What is needed :: Give the entries again exactly as they appear, but without the images.

┌─ Data

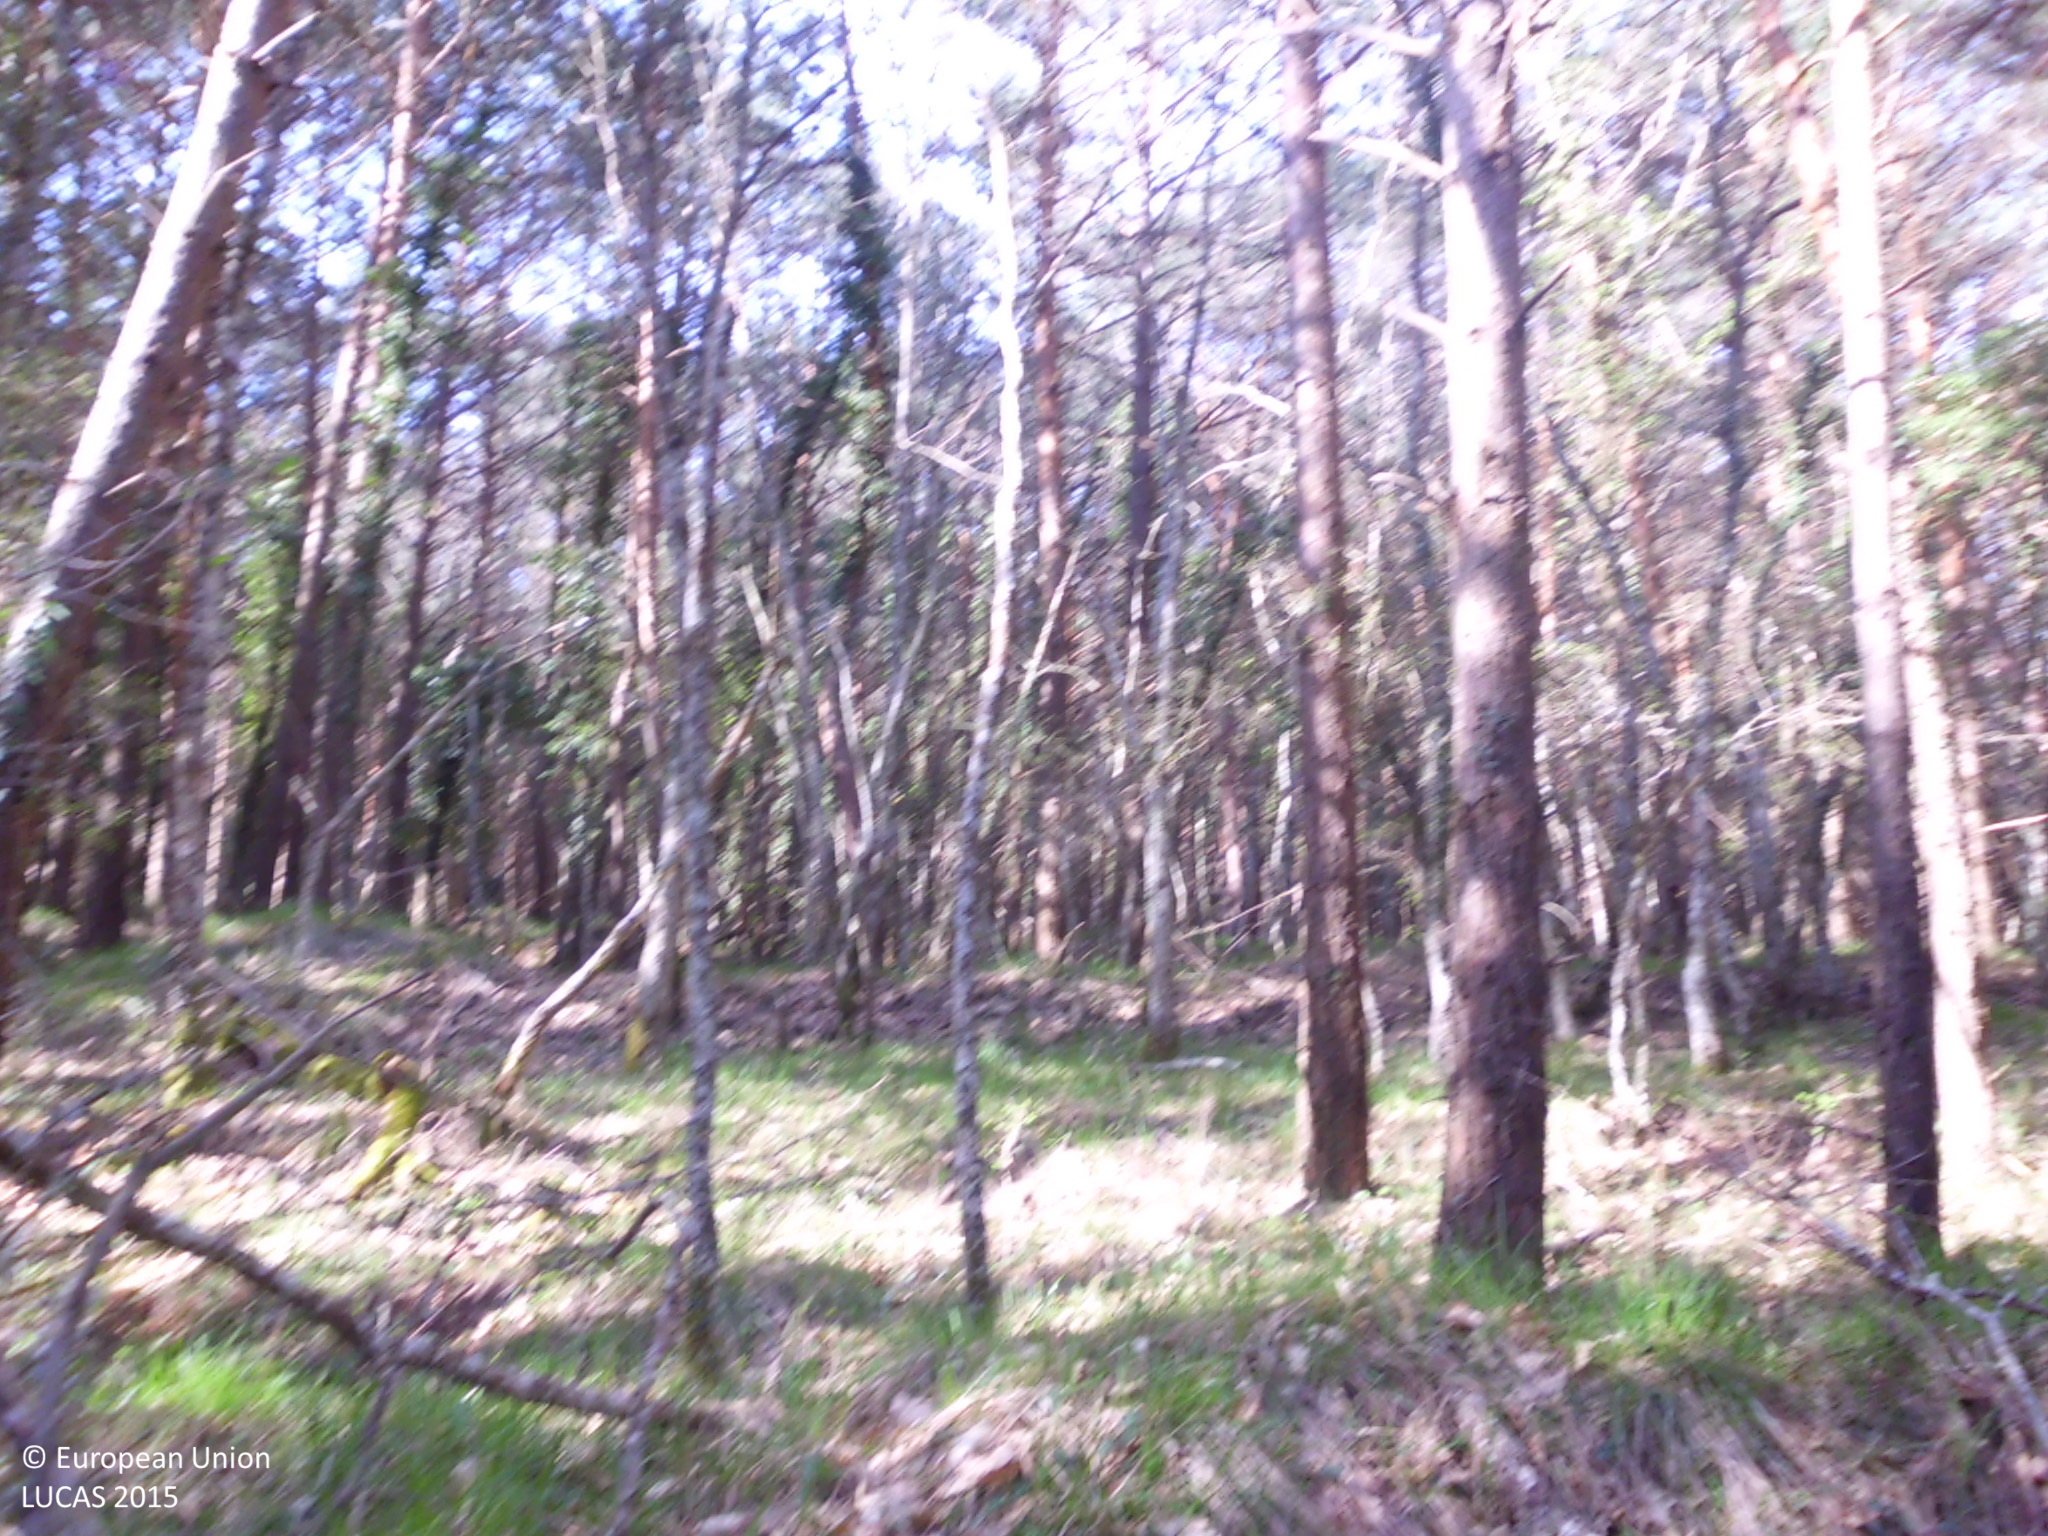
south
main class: Woodland
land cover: Pine dominated coniferous woodland
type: coniferous forest of the mediterranean region
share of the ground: > 75 %
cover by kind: coniferous forest trees 100 %
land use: Forestry
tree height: > 5 m
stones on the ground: < 10 %
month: April
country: ES
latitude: 42.3801
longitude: -3.4043

└─

Result for this exercise ::
south
main class: Woodland
land cover: Pine dominated coniferous woodland
type: coniferous forest of the mediterranean region
share of the ground: > 75 %
cover by kind: coniferous forest trees 100 %
land use: Forestry
tree height: > 5 m
stones on the ground: < 10 %
month: April
country: ES
latitude: 42.3801
longitude: -3.4043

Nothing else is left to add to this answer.